When he looked back up at me I thought I detected just a hint of moisture shining in his eyes.
“Of course you have to go back to Tisiphone. And, likewise of course, I’m coming with you. That was really why I wanted to have this conversation. I thought heading for cosmic elsewhere was our only reasonable hope of surviving long enough to retire, and I wanted to make sure that we put that escape high on our list of things to do.
“In fact”—and his voice dropped almost to a whisper— “I was thinking that setting up said escape might best be set at the top of the fixing-Necessity flow chart—get the abacus system under control first, so that if it looks like we’re all going to lose, we might have some alternative to that whole blaze-of-glory ending.”
“I couldn’t leave the others behind, Mel.”
“So bring ’em with. I don’t see why the Norse MythOS can’t absorb three Furies as easily as the one it’s currently housing. I know that’d put Fenris in a bind, but better in a bind at home than dead here. We can always figure some way around that later.”
I nodded, and very pointedly didn’t mention that he’d left Shara out of his formulation. We all grieve however is best for us. “Fair enough. Let’s see how much work it’s going to take to cut Persephone’s tactical nukes down to something closer to a clipful of tranquilizer darts.”

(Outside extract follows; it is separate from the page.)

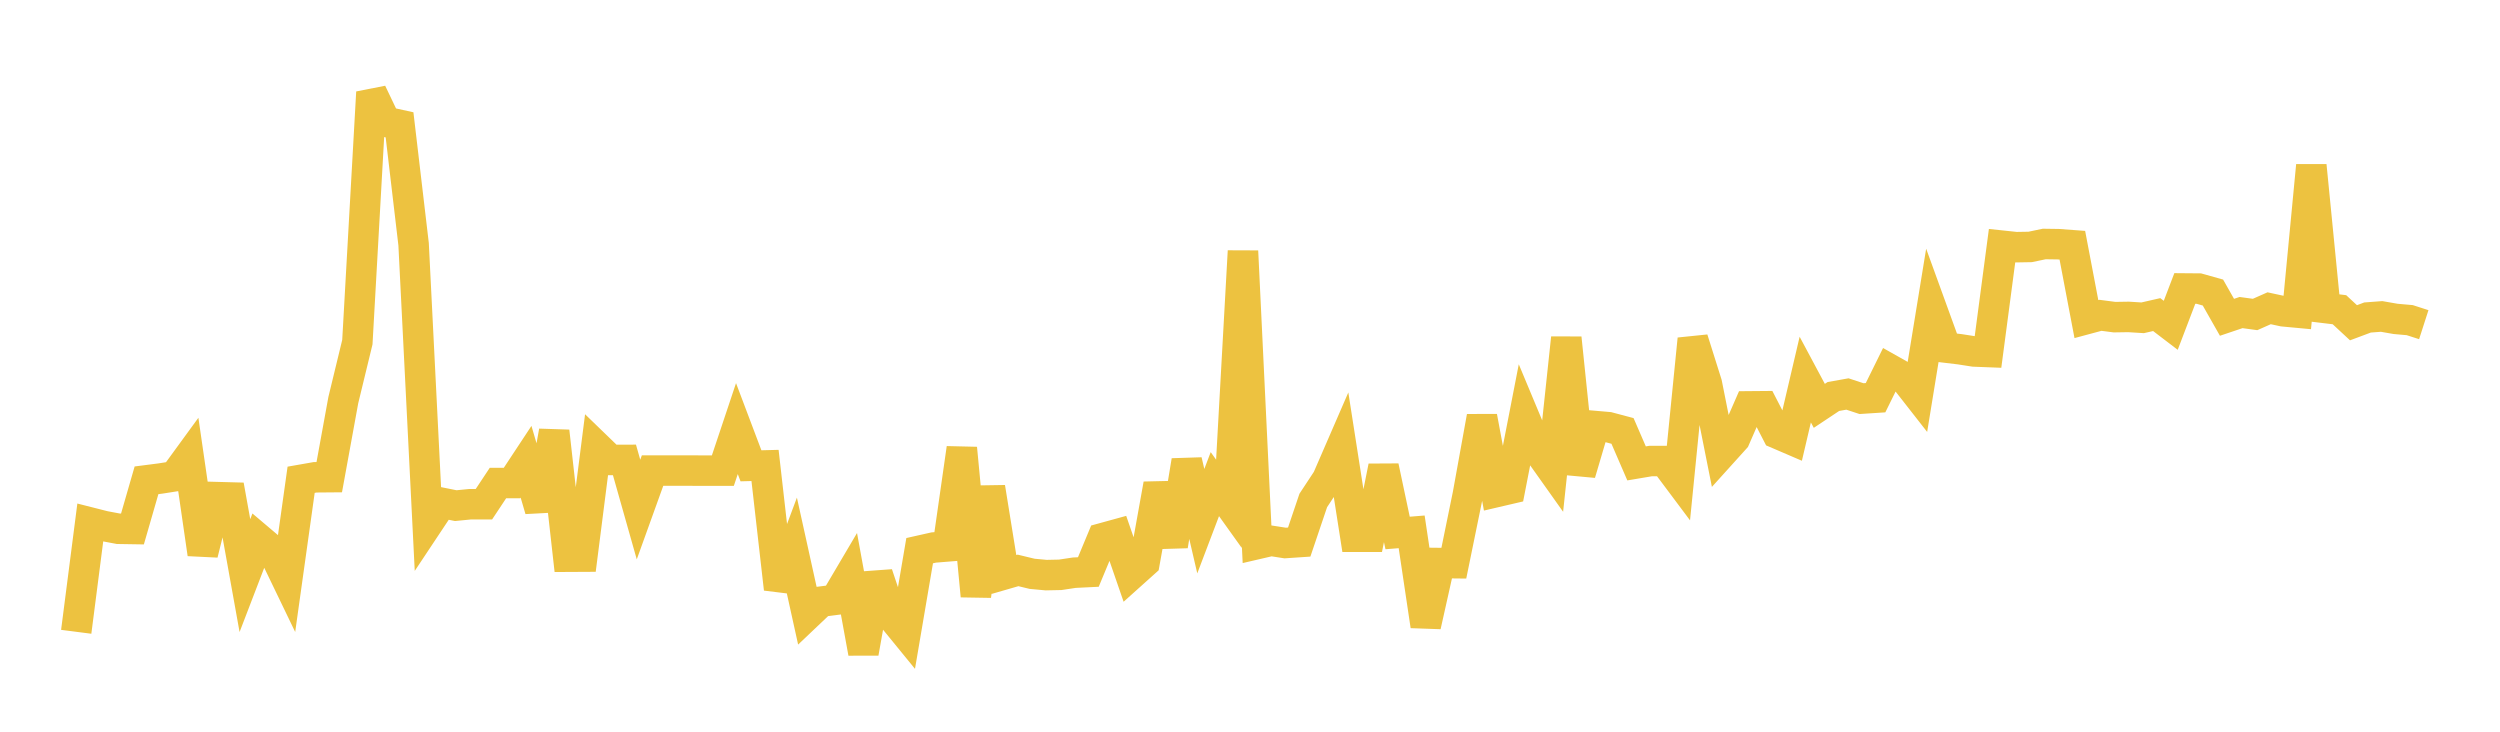 <svg width="164" height="48" xmlns="http://www.w3.org/2000/svg" xmlns:xlink="http://www.w3.org/1999/xlink"><path fill="none" stroke="rgb(237,194,64)" stroke-width="2" d="M5,41.446L5.922,34.279L6.844,34.513L7.766,34.687L8.689,34.702L9.611,31.508L10.533,31.389L11.455,31.244L12.377,29.979L13.299,36.34L14.222,32.611L15.144,32.636L16.066,37.76L16.988,35.358L17.91,36.139L18.832,38.051L19.754,31.472L20.677,31.31L21.599,31.302L22.521,26.247L23.443,22.445L24.365,6.055L25.287,7.986L26.21,8.189L27.132,16.017L28.054,34.371L28.976,32.984L29.898,33.17L30.82,33.079L31.743,33.079L32.665,31.688L33.587,31.688L34.509,30.291L35.431,33.444L36.353,28.293L37.275,36.52L38.198,36.515L39.12,29.282L40.042,30.174L40.964,30.17L41.886,33.427L42.808,30.868L43.731,30.868L44.653,30.87L45.575,30.871L46.497,30.875L47.419,30.875L48.341,28.116L49.263,30.557L50.186,30.533L51.108,38.631L52.03,36.163L52.952,40.341L53.874,39.466L54.796,39.348L55.719,37.784L56.641,42.835L57.563,37.656L58.485,40.411L59.407,41.54L60.329,36.124L61.251,35.917L62.174,35.843L63.096,29.404L64.018,39.094L64.94,31.975L65.862,37.686L66.784,37.419L67.707,37.642L68.629,37.728L69.551,37.708L70.473,37.569L71.395,37.524L72.317,35.308L73.24,35.054L74.162,37.724L75.084,36.897L76.006,31.765L76.928,35.802L77.85,30.222L78.772,34.19L79.695,31.759L80.617,33.048L81.539,16.474L82.461,35.692L83.383,35.478L84.305,35.622L85.228,35.56L86.15,32.831L87.072,31.431L87.994,29.307L88.916,35.212L89.838,35.212L90.76,30.606L91.683,34.963L92.605,34.889L93.527,41.059L94.449,36.935L95.371,36.945L96.293,32.436L97.216,27.336L98.138,32.282L99.06,32.067L99.982,27.331L100.904,29.54L101.826,30.839L102.749,22.174L103.671,31.067L104.593,27.944L105.515,28.024L106.437,28.269L107.359,30.399L108.281,30.244L109.204,30.245L110.126,31.477L111.048,22.24L111.97,25.168L112.892,29.794L113.814,28.773L114.737,26.658L115.659,26.65L116.581,28.44L117.503,28.836L118.425,24.9L119.347,26.624L120.269,26.011L121.192,25.846L122.114,26.15L123.036,26.09L123.958,24.22L124.88,24.74L125.802,25.919L126.725,20.262L127.647,22.802L128.569,22.912L129.491,23.056L130.413,23.092L131.335,16.117L132.257,16.215L133.18,16.199L134.102,16.006L135.024,16.019L135.946,16.087L136.868,20.933L137.79,20.685L138.713,20.805L139.635,20.79L140.557,20.848L141.479,20.637L142.401,21.341L143.323,18.924L144.246,18.932L145.168,19.191L146.09,20.815L147.012,20.504L147.934,20.63L148.856,20.222L149.778,20.421L150.701,20.507L151.623,10.86L152.545,20.206L153.467,20.317L154.389,21.173L155.311,20.828L156.234,20.759L157.156,20.92L158.078,21.001L159,21.298"></path></svg>

We started with Fate because that was the system I knew best and because the mweb controllers lived there at the moment. Persephone’s code was a thing of beauty, powerful, economical, thoroughly self-integrated. All the things you want in a piece of software you’re going to just let run. Unfortunately, that kind of elegance of design is less fun when you’re trying to pick a piece of software apart, pull out the bits you want, and repurpose them. In this case, the only thing that functioned as a quasi-independent subsystem was the cracking routine, which was a thing of beauty and joy.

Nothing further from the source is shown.